Décembre 2017 : Unibail-Rodamco annonce le rachat du groupe australien Westfield Group pour 21 mds$.

16 Mds€ : le chiffre d’affaires pour les neuf premiers mois de 2018, en croissance de 37,9 % sur un an.

65,2 Mds€ : le patrimoine immobilier du groupe à fin 2018.

92 centres de shopping, incluant 55 « flagships » dans les villes les plus dynamiques d’Europe et des États-Unis.

Depuis l’acquisition de Westfield le 7 juin 2018, 75 millions d’euros de synergies de coûts en rythme annuel ont déjà été réalisées.
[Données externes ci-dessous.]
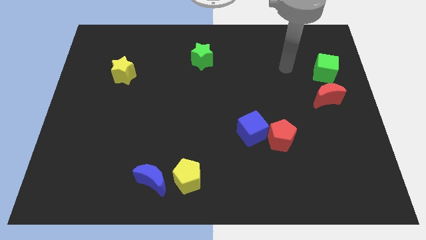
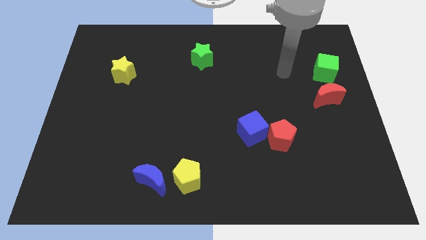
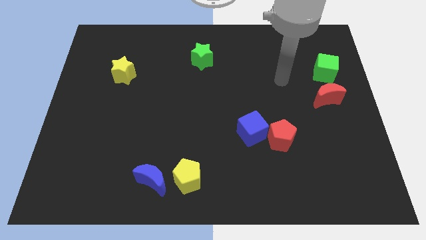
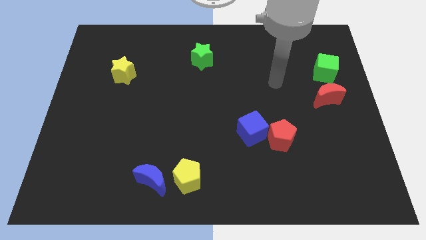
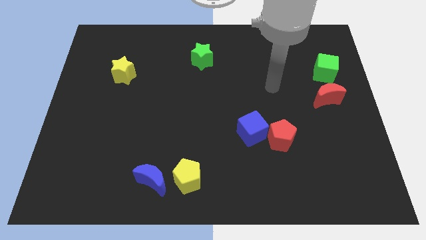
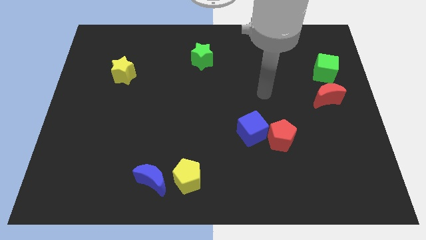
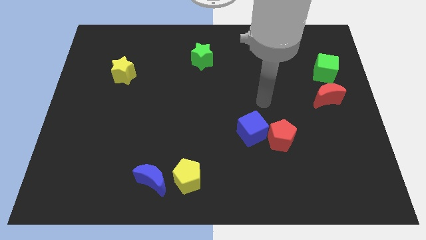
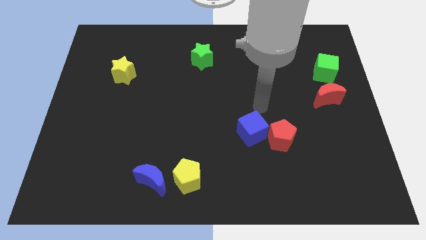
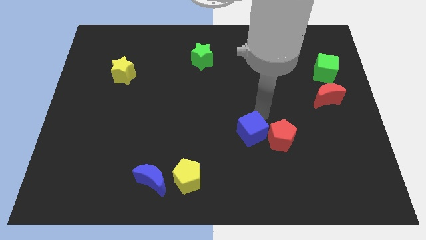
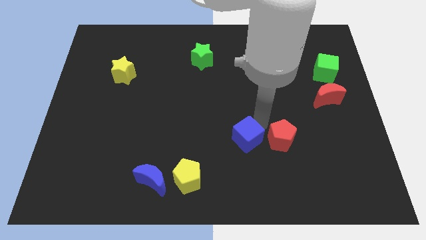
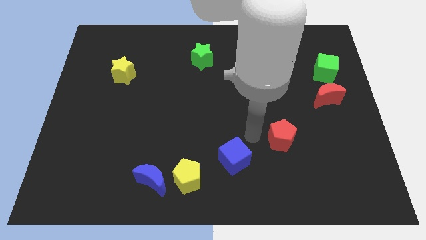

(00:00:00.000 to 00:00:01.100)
separate the red pentagon from the blue cube

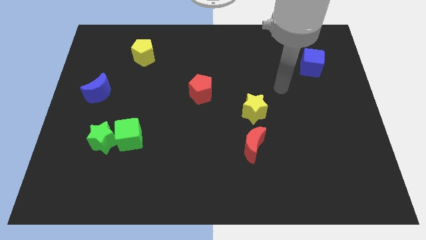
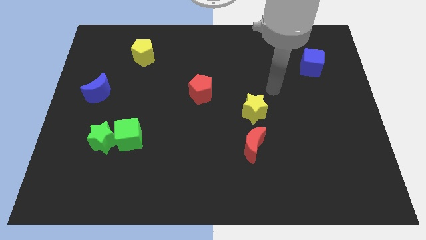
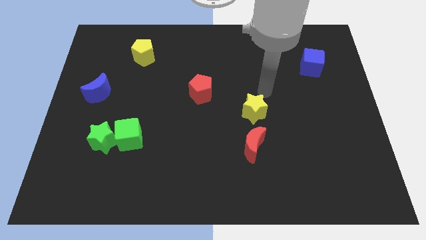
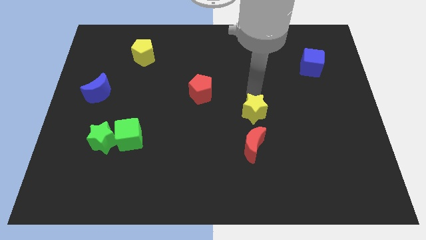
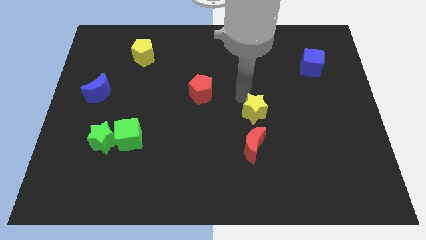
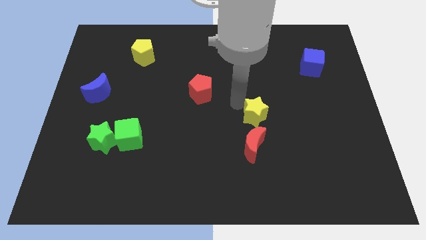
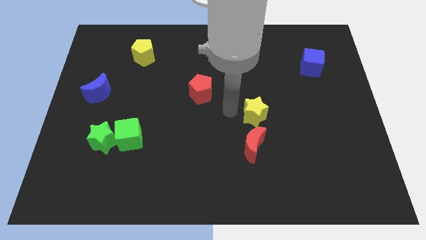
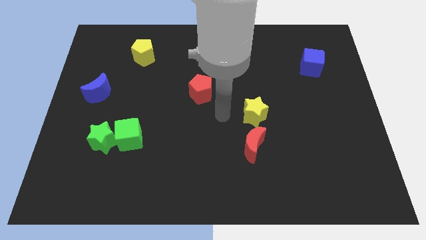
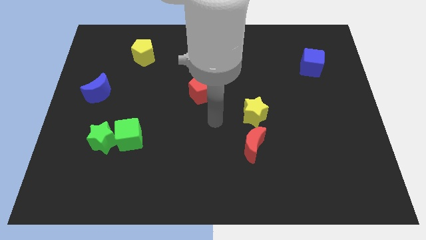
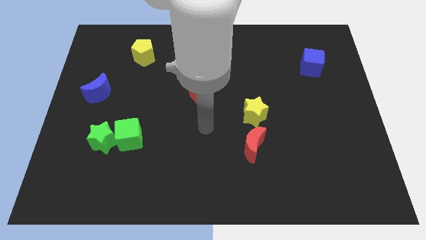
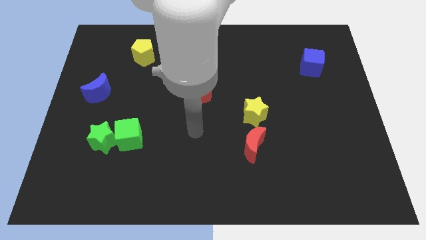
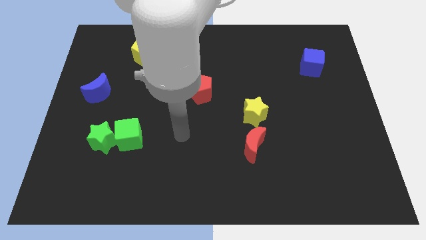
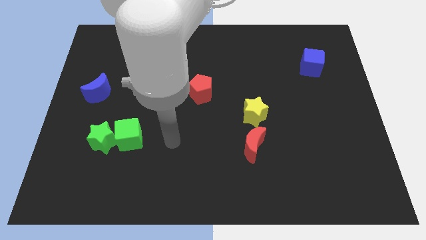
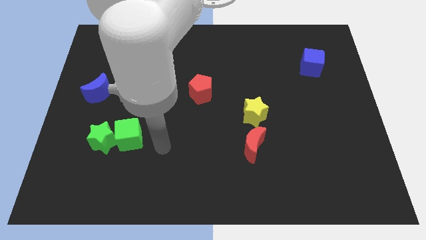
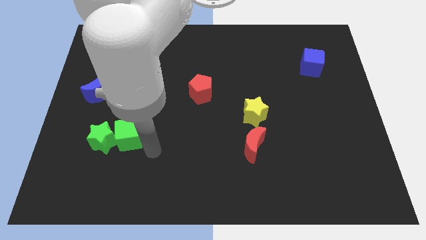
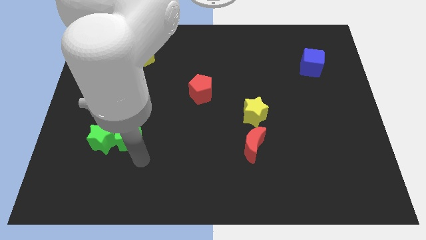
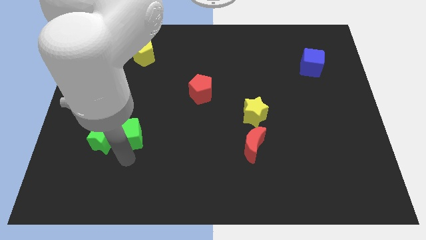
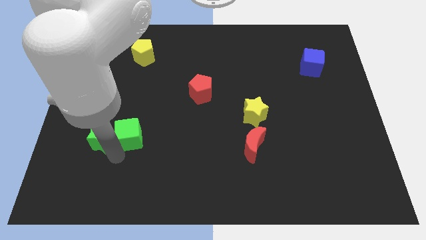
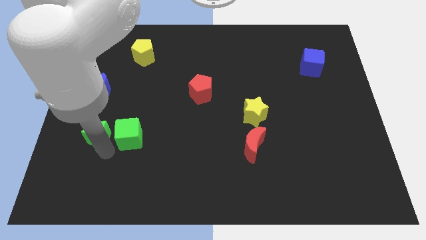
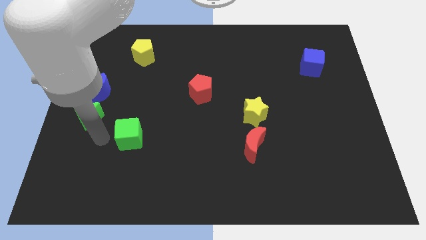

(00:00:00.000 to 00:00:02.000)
pull the green cube apart from the green star

Au second semestre 2018, l’intégration a progressé à grands pas, avec la mise en place d’une nouvelle organisation, le déploiement du modèle de gestion opérationnelle aux États-Unis et au Royaume-Uni, l’établissement du premier plan à 5 ans dans ces deux pays et l’organisation de la première convention des managers du nouveau groupe. L’année 2018 a permis de préparer la réalisation des synergies de revenus entre les deux périmètres d’origine. Deux équipes intégrées ont notamment été créées : l’une pour les négociations internationales avec les enseignes, l’autre pour la promotion des marques et les médias digitaux en Europe.
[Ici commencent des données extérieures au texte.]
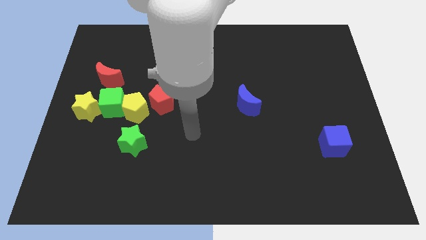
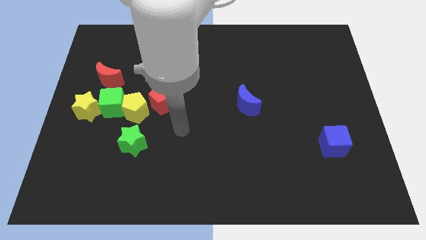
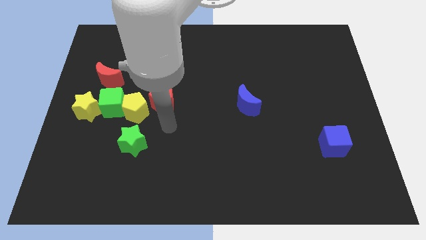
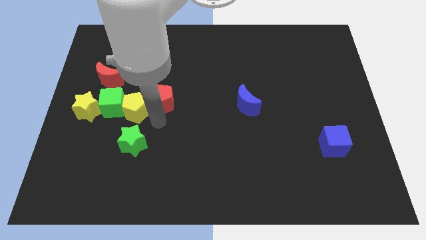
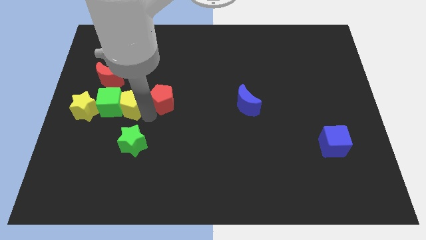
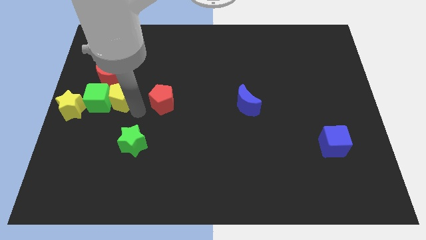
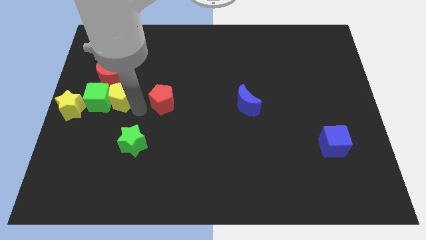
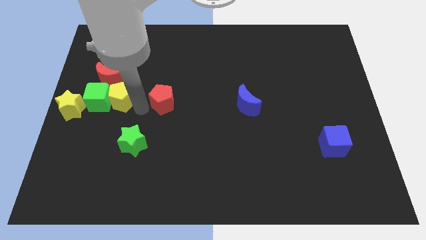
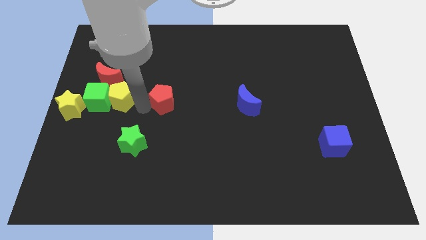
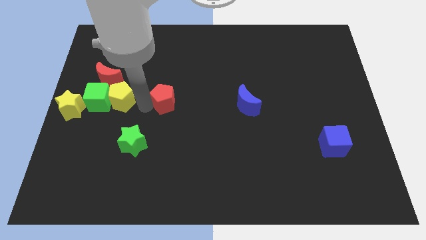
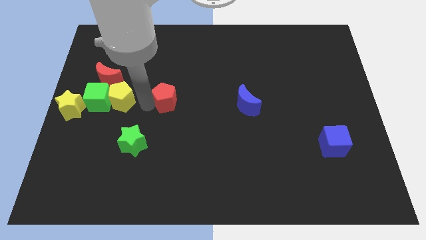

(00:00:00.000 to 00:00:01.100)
pull the red pentagon apart from the yellow pentagon

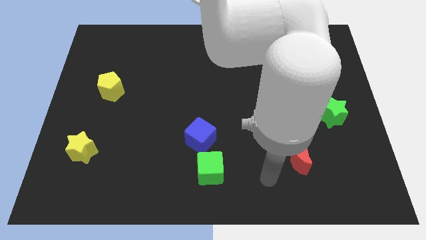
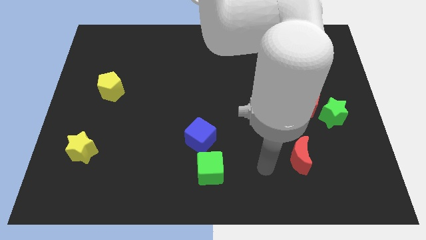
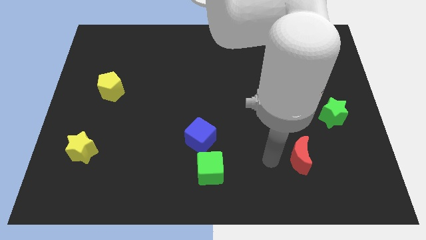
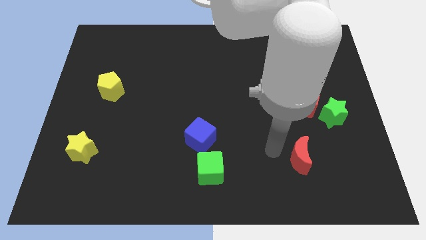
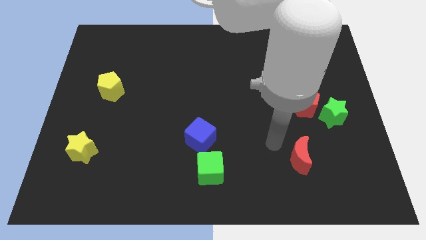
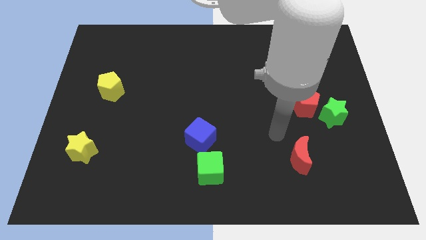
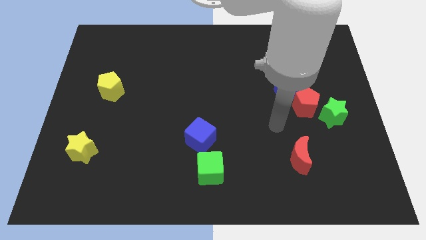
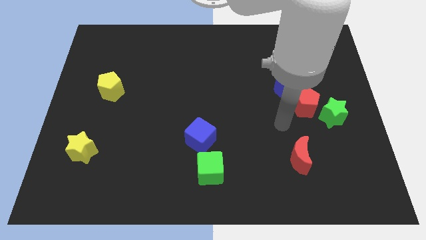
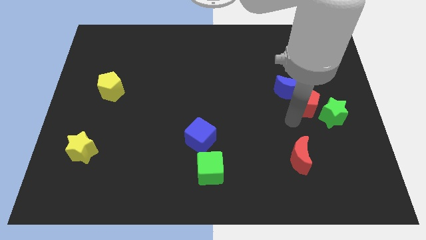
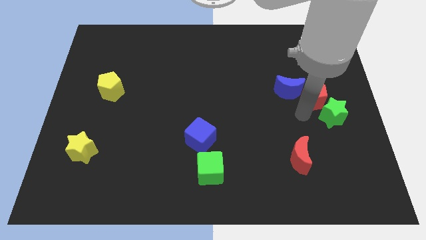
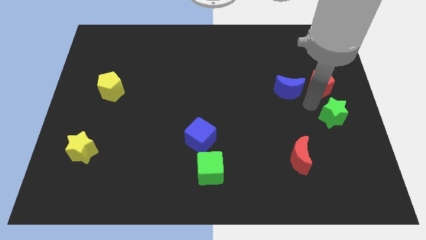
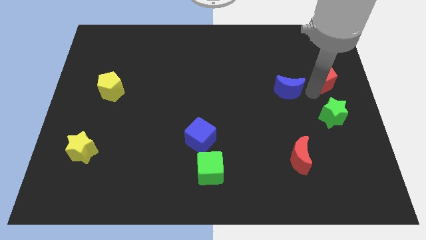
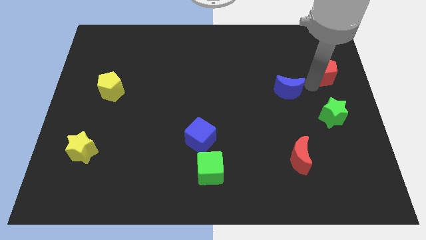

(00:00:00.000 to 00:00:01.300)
separate the blue moon from the red pentagon

Actions jumelées. Ce rythme d’intégration au pas de charge est d’autant plus impressionnant que la structuration juridique de l’opération, confiée aux équipes de Darrois Villey Maillot Brochier, n’a pas été des plus simples, donnant lieu à une innovation juridique en France. Parmi les nombreuses contraintes de cette opération entre deux des plus importants groupes cotés de l’immobilier commercial, il fallait notamment maintenir un régime fiscal globalement équivalent à ceux dont bénéficiaient chacun des deux groupes alors même que leurs cadres juridiques et fiscaux respectifs étaient très différents. Pour atteindre ces objectifs, les différentes composantes de Westfield ont été acquises pour partie par Unibail-Rodamco et pour partie par une société néerlandaise WFD Unibail-Rodamco N.V. créée pour l’occasion dont Unibail-Rodamco a conservé 40 % du capital et dont les actions ont été « jumelées » avec les actions d’Unibail-Rodamco, créant ainsi un groupe à deux têtes. Une telle structure fait figure de « troisième voie » entre fusion et acquisition : deux sociétés s’associent par des liens capitalistiques originaux en créant un groupe qui présente les principales caractéristiques et avantages d’un groupe unifié. Les actions jumelées Unibail-Rodamco-Westfield sont chacune constituées d’une action Unibail-Rodamco et d’une action d’une société néerlandaise nouvellement structurée détenant les activités américaines de Westfield et une sélection d’actifs immobiliers néerlandais. Cette structure innovante représente la première cotation d’actions jumelées en France depuis plus de 30 ans, la première cotation jumelée franco-néerlandaise et la première cotation d’une société française en Australie (sous forme de CDIs). Une structuration à la complexité et au gigantisme assumés, à la mesure des projets monumentaux dans le pipeline du leader mondial des centres commerciaux.